Rusting trucks and an old car are all that remain from the time Ngeno’s family left their land in a rush two decades ago. Yet, says the upbeat Ngeno, the land is a paradise. “This land may have many rocks but we can remove them This land may look dry now, but there is underground water which once served our farming needs very well. As you can see, some of the boreholes are still visible and there are many who were ruined. I plan to live my whole life on this good land.”
The “good land” is Doornkop farm in the district of Ventersdorp in what was the Transvaal, later part of Bophuthatswana. Ngeno’s family was among the first to settle there in 1955. In 1979 Ngeno’s family and 120 others were forcefully removed from Doornkop, despite having paid 550 each for their 8,5ha plots.
Ngeno was only 15 years old when the trucks arrived to relocate his community to Gamndaagte, more than 300km away. But he remembers every detail of November 3 1979, when he was awakened by the sounds of dogs barking and people shouting. His father’s house was razed to the ground by police and soldiers in bulldozers.
The people were herded at gunpoint on to open trucks with sheep and cattle, and transported to their “new home”. “In that place any attempt to plant was futile. My father had to sell his trucks and farming equipment he used in Doornkop,” said Ngeno.
In Gamndaagte, Ngeno worked at a diamond mine, but he was retrenched in 1989. Since then he has been doing only “piece” work.

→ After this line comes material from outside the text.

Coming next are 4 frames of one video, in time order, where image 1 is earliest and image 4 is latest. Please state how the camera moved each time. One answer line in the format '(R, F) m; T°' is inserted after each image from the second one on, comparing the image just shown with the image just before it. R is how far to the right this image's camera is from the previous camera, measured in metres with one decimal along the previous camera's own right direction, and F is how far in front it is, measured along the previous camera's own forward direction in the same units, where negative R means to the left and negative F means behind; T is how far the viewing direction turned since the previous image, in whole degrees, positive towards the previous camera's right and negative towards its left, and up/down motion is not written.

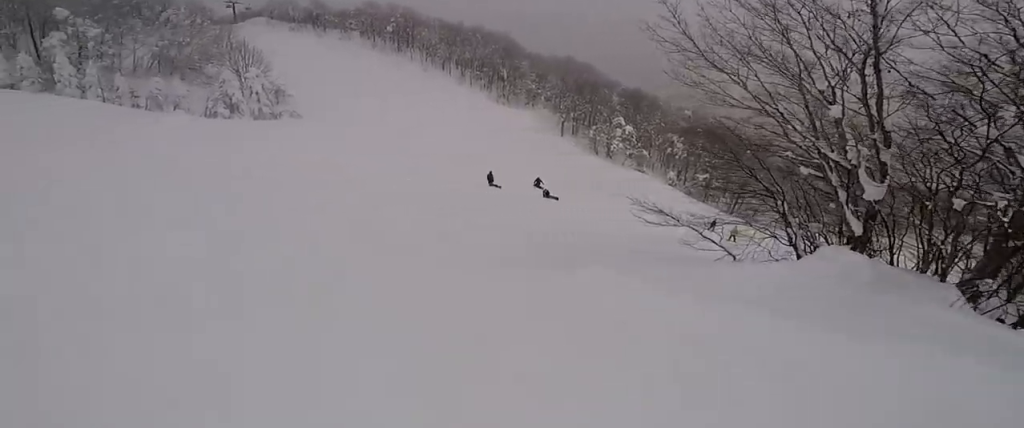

But now, 20 years after his father’s land was given to white farmers, Ngeno has his farm back. The commission on land restitution restored the Doornkop community’s ownership last week. “We had been fighting a long battle with the government to give us our land back in the past, and now we have it we must use it well,” said a delighted Ngeno, adding that the R3 000 settlement grant he and the other 23 families received proves he will have a better life again.
The Land Claims Court will move swiftly to certify the ownership of former residents. Chief land claims commissioner Wallance Mgoqi said his department will soon issue certificates of ownership to the claimants.
He told the community: “We regret that some people died before they could receive their land, but it is with great rejoicing that those of you who are here today have your land back.”